→ Study material:
━━━━

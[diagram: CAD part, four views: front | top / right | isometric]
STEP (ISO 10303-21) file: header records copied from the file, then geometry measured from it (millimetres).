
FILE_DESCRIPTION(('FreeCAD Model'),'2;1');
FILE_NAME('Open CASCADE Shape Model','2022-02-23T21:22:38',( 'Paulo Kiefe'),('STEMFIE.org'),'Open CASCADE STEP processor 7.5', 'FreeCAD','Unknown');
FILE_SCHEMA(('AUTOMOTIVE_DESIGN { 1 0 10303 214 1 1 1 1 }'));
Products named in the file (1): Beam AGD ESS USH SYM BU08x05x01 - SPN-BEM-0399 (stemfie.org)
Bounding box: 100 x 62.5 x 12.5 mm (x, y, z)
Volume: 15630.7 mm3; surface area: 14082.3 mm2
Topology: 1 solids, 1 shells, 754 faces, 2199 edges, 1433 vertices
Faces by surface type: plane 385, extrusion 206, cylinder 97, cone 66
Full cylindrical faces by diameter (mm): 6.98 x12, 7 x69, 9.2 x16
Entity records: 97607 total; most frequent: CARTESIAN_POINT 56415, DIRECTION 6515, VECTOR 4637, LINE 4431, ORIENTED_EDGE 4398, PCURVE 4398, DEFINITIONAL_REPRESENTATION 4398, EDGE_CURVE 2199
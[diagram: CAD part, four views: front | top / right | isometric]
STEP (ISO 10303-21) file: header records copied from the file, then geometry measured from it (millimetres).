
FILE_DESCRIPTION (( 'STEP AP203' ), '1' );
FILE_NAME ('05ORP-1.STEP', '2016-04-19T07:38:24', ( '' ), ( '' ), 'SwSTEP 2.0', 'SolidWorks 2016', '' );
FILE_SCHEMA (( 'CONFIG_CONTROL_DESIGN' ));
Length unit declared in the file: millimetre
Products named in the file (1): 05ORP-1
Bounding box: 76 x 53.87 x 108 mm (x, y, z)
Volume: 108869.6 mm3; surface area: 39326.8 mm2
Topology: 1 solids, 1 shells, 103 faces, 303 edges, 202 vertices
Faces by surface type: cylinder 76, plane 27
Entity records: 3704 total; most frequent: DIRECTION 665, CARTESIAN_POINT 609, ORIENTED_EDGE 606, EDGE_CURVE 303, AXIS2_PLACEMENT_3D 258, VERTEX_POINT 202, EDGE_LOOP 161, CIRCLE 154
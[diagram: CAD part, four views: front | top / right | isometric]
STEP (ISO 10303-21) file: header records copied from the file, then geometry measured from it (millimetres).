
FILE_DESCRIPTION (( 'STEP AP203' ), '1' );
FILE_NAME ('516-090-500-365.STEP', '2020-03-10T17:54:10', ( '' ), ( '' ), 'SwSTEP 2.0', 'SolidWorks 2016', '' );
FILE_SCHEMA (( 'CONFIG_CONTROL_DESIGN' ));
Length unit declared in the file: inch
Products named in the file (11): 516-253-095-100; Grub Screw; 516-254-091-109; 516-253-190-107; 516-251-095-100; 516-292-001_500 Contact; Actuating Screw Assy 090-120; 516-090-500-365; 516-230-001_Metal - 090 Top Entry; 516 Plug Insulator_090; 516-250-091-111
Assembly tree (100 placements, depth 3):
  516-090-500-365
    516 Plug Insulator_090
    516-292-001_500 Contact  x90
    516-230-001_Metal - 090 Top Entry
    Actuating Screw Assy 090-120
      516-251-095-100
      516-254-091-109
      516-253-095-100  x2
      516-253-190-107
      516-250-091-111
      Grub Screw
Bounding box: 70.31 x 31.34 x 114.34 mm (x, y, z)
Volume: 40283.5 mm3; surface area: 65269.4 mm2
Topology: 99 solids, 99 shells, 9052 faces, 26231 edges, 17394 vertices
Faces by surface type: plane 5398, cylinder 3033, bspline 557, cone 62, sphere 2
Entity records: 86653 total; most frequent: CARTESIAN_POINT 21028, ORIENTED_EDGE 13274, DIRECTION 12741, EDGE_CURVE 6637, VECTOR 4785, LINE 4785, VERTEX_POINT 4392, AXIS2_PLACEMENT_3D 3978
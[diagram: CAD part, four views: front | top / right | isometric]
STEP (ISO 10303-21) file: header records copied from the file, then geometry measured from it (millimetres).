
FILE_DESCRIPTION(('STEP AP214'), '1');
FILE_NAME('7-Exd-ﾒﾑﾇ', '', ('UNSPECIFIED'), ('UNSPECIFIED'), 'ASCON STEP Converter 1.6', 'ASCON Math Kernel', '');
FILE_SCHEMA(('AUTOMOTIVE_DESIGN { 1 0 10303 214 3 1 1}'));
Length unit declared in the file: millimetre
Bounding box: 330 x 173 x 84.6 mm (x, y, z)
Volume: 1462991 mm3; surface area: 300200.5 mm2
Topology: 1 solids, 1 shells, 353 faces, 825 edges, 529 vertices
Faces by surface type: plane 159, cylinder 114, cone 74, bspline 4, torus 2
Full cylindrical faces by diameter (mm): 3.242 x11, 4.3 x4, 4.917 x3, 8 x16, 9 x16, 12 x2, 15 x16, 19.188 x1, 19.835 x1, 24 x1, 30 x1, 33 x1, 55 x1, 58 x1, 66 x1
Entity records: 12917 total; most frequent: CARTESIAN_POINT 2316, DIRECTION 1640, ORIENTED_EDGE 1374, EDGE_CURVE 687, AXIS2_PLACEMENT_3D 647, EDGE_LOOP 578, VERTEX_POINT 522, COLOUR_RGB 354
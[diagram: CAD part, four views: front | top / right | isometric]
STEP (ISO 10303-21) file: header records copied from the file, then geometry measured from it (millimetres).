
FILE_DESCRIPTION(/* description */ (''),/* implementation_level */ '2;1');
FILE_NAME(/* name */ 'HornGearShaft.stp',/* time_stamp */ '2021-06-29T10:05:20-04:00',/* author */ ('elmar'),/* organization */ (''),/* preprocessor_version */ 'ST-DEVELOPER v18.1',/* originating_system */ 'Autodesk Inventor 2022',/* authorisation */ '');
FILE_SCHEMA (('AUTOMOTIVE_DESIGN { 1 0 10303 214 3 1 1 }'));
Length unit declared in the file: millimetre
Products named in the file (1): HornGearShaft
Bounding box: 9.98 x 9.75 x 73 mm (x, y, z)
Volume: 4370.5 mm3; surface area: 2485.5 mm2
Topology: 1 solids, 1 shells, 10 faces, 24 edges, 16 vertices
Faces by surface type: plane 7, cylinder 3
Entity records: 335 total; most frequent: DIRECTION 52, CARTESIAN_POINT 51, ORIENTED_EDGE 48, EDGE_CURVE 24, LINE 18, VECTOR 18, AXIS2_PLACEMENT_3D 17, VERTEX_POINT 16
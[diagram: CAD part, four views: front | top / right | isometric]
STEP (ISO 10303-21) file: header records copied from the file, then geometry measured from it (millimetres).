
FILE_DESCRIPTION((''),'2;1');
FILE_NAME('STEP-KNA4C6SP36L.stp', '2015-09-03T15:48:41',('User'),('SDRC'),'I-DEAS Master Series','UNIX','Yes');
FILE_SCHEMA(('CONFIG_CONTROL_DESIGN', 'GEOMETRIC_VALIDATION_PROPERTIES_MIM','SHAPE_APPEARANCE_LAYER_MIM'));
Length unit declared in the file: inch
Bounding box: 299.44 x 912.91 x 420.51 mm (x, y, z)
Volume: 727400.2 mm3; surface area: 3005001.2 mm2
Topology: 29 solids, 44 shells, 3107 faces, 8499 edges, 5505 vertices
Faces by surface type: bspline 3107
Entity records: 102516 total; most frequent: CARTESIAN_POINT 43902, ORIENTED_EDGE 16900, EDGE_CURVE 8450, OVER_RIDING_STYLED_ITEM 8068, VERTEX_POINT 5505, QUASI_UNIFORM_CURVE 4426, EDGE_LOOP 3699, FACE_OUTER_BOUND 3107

━━━━

→ Problem to solve:
Give all of the lines above again, exactly as they are.

→ Result of this task:
[diagram: CAD part, four views: front | top / right | isometric]
STEP (ISO 10303-21) file: header records copied from the file, then geometry measured from it (millimetres).
FILE_DESCRIPTION(('FreeCAD Model'),'2;1');
FILE_NAME('Open CASCADE Shape Model','2022-02-23T21:22:38',( 'Paulo Kiefe'),('STEMFIE.org'),'Open CASCADE STEP processor 7.5', 'FreeCAD','Unknown');
FILE_SCHEMA(('AUTOMOTIVE_DESIGN { 1 0 10303 214 1 1 1 1 }'));
Products named in the file (1): Beam AGD ESS USH SYM BU08x05x01 - SPN-BEM-0399 (stemfie.org)
Bounding box: 100 x 62.5 x 12.5 mm (x, y, z)
Volume: 15630.7 mm3; surface area: 14082.3 mm2
Topology: 1 solids, 1 shells, 754 faces, 2199 edges, 1433 vertices
Faces by surface type: plane 385, extrusion 206, cylinder 97, cone 66
Full cylindrical faces by diameter (mm): 6.98 x12, 7 x69, 9.2 x16
Entity records: 97607 total; most frequent: CARTESIAN_POINT 56415, DIRECTION 6515, VECTOR 4637, LINE 4431, ORIENTED_EDGE 4398, PCURVE 4398, DEFINITIONAL_REPRESENTATION 4398, EDGE_CURVE 2199
[diagram: CAD part, four views: front | top / right | isometric]
STEP (ISO 10303-21) file: header records copied from the file, then geometry measured from it (millimetres).
FILE_DESCRIPTION (( 'STEP AP203' ), '1' );
FILE_NAME ('05ORP-1.STEP', '2016-04-19T07:38:24', ( '' ), ( '' ), 'SwSTEP 2.0', 'SolidWorks 2016', '' );
FILE_SCHEMA (( 'CONFIG_CONTROL_DESIGN' ));
Length unit declared in the file: millimetre
Products named in the file (1): 05ORP-1
Bounding box: 76 x 53.87 x 108 mm (x, y, z)
Volume: 108869.6 mm3; surface area: 39326.8 mm2
Topology: 1 solids, 1 shells, 103 faces, 303 edges, 202 vertices
Faces by surface type: cylinder 76, plane 27
Entity records: 3704 total; most frequent: DIRECTION 665, CARTESIAN_POINT 609, ORIENTED_EDGE 606, EDGE_CURVE 303, AXIS2_PLACEMENT_3D 258, VERTEX_POINT 202, EDGE_LOOP 161, CIRCLE 154
[diagram: CAD part, four views: front | top / right | isometric]
STEP (ISO 10303-21) file: header records copied from the file, then geometry measured from it (millimetres).
FILE_DESCRIPTION (( 'STEP AP203' ), '1' );
FILE_NAME ('516-090-500-365.STEP', '2020-03-10T17:54:10', ( '' ), ( '' ), 'SwSTEP 2.0', 'SolidWorks 2016', '' );
FILE_SCHEMA (( 'CONFIG_CONTROL_DESIGN' ));
Length unit declared in the file: inch
Products named in the file (11): 516-253-095-100; Grub Screw; 516-254-091-109; 516-253-190-107; 516-251-095-100; 516-292-001_500 Contact; Actuating Screw Assy 090-120; 516-090-500-365; 516-230-001_Metal - 090 Top Entry; 516 Plug Insulator_090; 516-250-091-111
Assembly tree (100 placements, depth 3):
  516-090-500-365
    516 Plug Insulator_090
    516-292-001_500 Contact  x90
    516-230-001_Metal - 090 Top Entry
    Actuating Screw Assy 090-120
      516-251-095-100
      516-254-091-109
      516-253-095-100  x2
      516-253-190-107
      516-250-091-111
      Grub Screw
Bounding box: 70.31 x 31.34 x 114.34 mm (x, y, z)
Volume: 40283.5 mm3; surface area: 65269.4 mm2
Topology: 99 solids, 99 shells, 9052 faces, 26231 edges, 17394 vertices
Faces by surface type: plane 5398, cylinder 3033, bspline 557, cone 62, sphere 2
Entity records: 86653 total; most frequent: CARTESIAN_POINT 21028, ORIENTED_EDGE 13274, DIRECTION 12741, EDGE_CURVE 6637, VECTOR 4785, LINE 4785, VERTEX_POINT 4392, AXIS2_PLACEMENT_3D 3978
[diagram: CAD part, four views: front | top / right | isometric]
STEP (ISO 10303-21) file: header records copied from the file, then geometry measured from it (millimetres).
FILE_DESCRIPTION(('STEP AP214'), '1');
FILE_NAME('7-Exd-ﾒﾑﾇ', '', ('UNSPECIFIED'), ('UNSPECIFIED'), 'ASCON STEP Converter 1.6', 'ASCON Math Kernel', '');
FILE_SCHEMA(('AUTOMOTIVE_DESIGN { 1 0 10303 214 3 1 1}'));
Length unit declared in the file: millimetre
Bounding box: 330 x 173 x 84.6 mm (x, y, z)
Volume: 1462991 mm3; surface area: 300200.5 mm2
Topology: 1 solids, 1 shells, 353 faces, 825 edges, 529 vertices
Faces by surface type: plane 159, cylinder 114, cone 74, bspline 4, torus 2
Full cylindrical faces by diameter (mm): 3.242 x11, 4.3 x4, 4.917 x3, 8 x16, 9 x16, 12 x2, 15 x16, 19.188 x1, 19.835 x1, 24 x1, 30 x1, 33 x1, 55 x1, 58 x1, 66 x1
Entity records: 12917 total; most frequent: CARTESIAN_POINT 2316, DIRECTION 1640, ORIENTED_EDGE 1374, EDGE_CURVE 687, AXIS2_PLACEMENT_3D 647, EDGE_LOOP 578, VERTEX_POINT 522, COLOUR_RGB 354
[diagram: CAD part, four views: front | top / right | isometric]
STEP (ISO 10303-21) file: header records copied from the file, then geometry measured from it (millimetres).
FILE_DESCRIPTION(/* description */ (''),/* implementation_level */ '2;1');
FILE_NAME(/* name */ 'HornGearShaft.stp',/* time_stamp */ '2021-06-29T10:05:20-04:00',/* author */ ('elmar'),/* organization */ (''),/* preprocessor_version */ 'ST-DEVELOPER v18.1',/* originating_system */ 'Autodesk Inventor 2022',/* authorisation */ '');
FILE_SCHEMA (('AUTOMOTIVE_DESIGN { 1 0 10303 214 3 1 1 }'));
Length unit declared in the file: millimetre
Products named in the file (1): HornGearShaft
Bounding box: 9.98 x 9.75 x 73 mm (x, y, z)
Volume: 4370.5 mm3; surface area: 2485.5 mm2
Topology: 1 solids, 1 shells, 10 faces, 24 edges, 16 vertices
Faces by surface type: plane 7, cylinder 3
Entity records: 335 total; most frequent: DIRECTION 52, CARTESIAN_POINT 51, ORIENTED_EDGE 48, EDGE_CURVE 24, LINE 18, VECTOR 18, AXIS2_PLACEMENT_3D 17, VERTEX_POINT 16
[diagram: CAD part, four views: front | top / right | isometric]
STEP (ISO 10303-21) file: header records copied from the file, then geometry measured from it (millimetres).
FILE_DESCRIPTION((''),'2;1');
FILE_NAME('STEP-KNA4C6SP36L.stp', '2015-09-03T15:48:41',('User'),('SDRC'),'I-DEAS Master Series','UNIX','Yes');
FILE_SCHEMA(('CONFIG_CONTROL_DESIGN', 'GEOMETRIC_VALIDATION_PROPERTIES_MIM','SHAPE_APPEARANCE_LAYER_MIM'));
Length unit declared in the file: inch
Bounding box: 299.44 x 912.91 x 420.51 mm (x, y, z)
Volume: 727400.2 mm3; surface area: 3005001.2 mm2
Topology: 29 solids, 44 shells, 3107 faces, 8499 edges, 5505 vertices
Faces by surface type: bspline 3107
Entity records: 102516 total; most frequent: CARTESIAN_POINT 43902, ORIENTED_EDGE 16900, EDGE_CURVE 8450, OVER_RIDING_STYLED_ITEM 8068, VERTEX_POINT 5505, QUASI_UNIFORM_CURVE 4426, EDGE_LOOP 3699, FACE_OUTER_BOUND 3107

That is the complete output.